THE TASK — Each line of the data holding "unusually" should be found and copied.

THE RECORDS below:

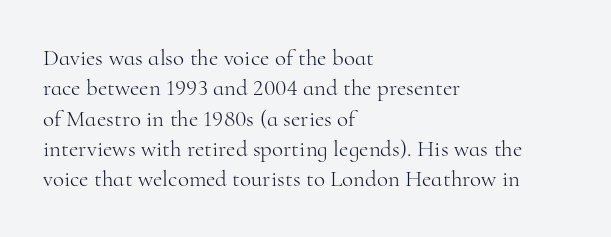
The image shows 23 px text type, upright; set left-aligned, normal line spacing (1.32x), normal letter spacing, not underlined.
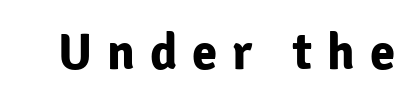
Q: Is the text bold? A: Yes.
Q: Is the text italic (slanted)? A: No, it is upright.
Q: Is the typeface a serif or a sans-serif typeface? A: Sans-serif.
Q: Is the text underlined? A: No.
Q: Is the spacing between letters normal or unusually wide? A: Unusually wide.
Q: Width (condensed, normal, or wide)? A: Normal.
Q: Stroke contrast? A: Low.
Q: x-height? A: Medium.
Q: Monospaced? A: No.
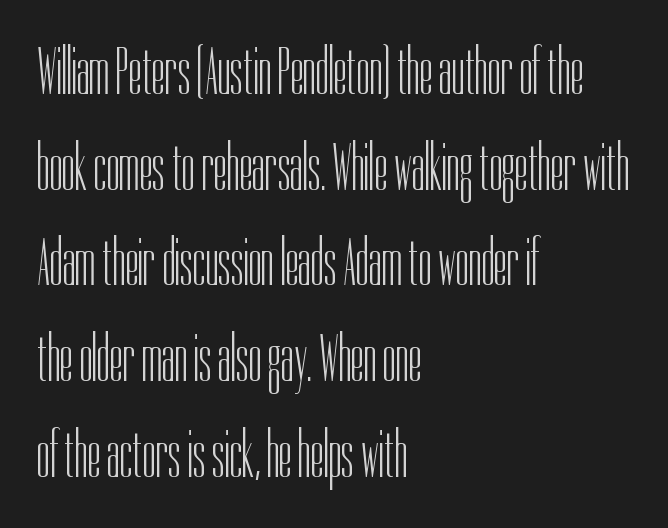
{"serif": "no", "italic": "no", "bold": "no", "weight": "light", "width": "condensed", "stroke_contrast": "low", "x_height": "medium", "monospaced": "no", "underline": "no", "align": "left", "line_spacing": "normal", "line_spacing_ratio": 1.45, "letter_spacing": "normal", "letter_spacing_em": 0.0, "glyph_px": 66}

End of THE RECORDS.
THE RECORDS below:

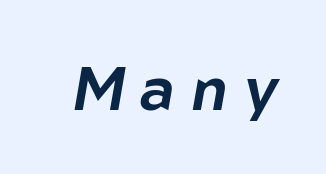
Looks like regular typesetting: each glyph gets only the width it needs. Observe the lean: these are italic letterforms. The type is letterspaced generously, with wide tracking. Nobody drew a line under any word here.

End of THE RECORDS.
THE RECORDS below:

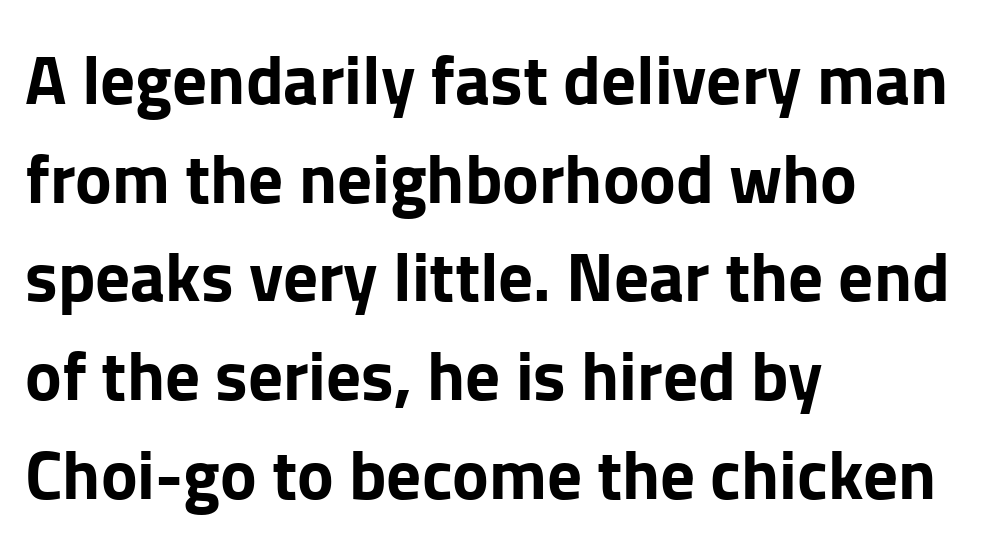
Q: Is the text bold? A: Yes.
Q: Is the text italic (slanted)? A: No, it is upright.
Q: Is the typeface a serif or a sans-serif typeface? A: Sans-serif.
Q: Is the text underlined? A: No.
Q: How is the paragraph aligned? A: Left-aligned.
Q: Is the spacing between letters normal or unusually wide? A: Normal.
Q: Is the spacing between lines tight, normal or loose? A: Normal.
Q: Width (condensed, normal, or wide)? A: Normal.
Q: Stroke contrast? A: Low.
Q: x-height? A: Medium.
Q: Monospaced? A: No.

End of THE RECORDS.

WRITTEN RESPONSE —
Q: Is the spacing between letters normal or unusually wide? A: Unusually wide.
Q: Is the spacing between letters normal or unusually wide? A: Normal.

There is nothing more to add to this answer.